Michael Brisker מייקל מור בריסקר

No. 5 – Maccabi Rishon LeZion
- Position: Shooting guard
- League: Israeli Basketball Premier League

Personal information
- Born: February 21, 1998 (age 28) Tel Aviv, Israel
- Listed height: 6 ft 2 in (1.88 m)
- Listed weight: 176 lb (80 kg)

Career information
- Playing career: 2016–present

Career history
- 2016–2019: Maccabi Ra'anana
- 2019–2020: Hapoel Tel Aviv
- 2020–2021: Maccabi Haifa
- 2021–2022: Hapoel Gilboa Galil
- 2022–2023: Ironi Kiryat Ata
- 2023–2024: Rouen Métropole
- 2024–2025: London Lions
- 2026–present: Maccabi Rishon LeZion

= Michael Brisker =

Israeli basketball player (born 1998)

Michael Mor Brisker (מייקל מור בריסקר; born February 21, 1998) is an Israeli professional basketball player for Maccabi Rishon LeZion of the Israeli Basketball Premier League.

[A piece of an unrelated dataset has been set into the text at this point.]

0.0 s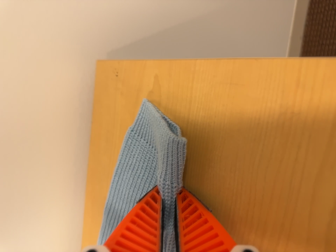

He usually plays at the shooting guard position.

==Biography==
Brisker is from Tel Aviv, Israel. His father is American-Israeli former basketball player Mark Brisker.

Brisker represented gold-medal-winning Israel at the 2018 FIBA U20 European Championship in Germany. He averaged 15.3 points, 3.9 rebounds, 2.9 assists, and 1.9 steals per game.

On January 5, 2020, he signed with Maccabi Haifa in the Israeli Basketball Premier League. In 2020-21 he averaged 9.7 points and 1.6 assists per game, and had an .896 free throw percentage.

On August 8, 2021, he signed with Hapoel Gilboa Galil of the Israeli Basketball Premier League. In 2021-22 he averaged 11.6 points and 2.4 assists per game, and shot .426 from three-point range and .851 from the free-throw line. He was named 2021-2022 Israeli BSL Most Improved Player.

In the summer of 2022 he signed with Ironi Kiryat Ata of the Israeli Basketball Premier League. In 2022-23 he averaged 7.8 points and 2.2 assists per game, while shooting 84% from the free throw line.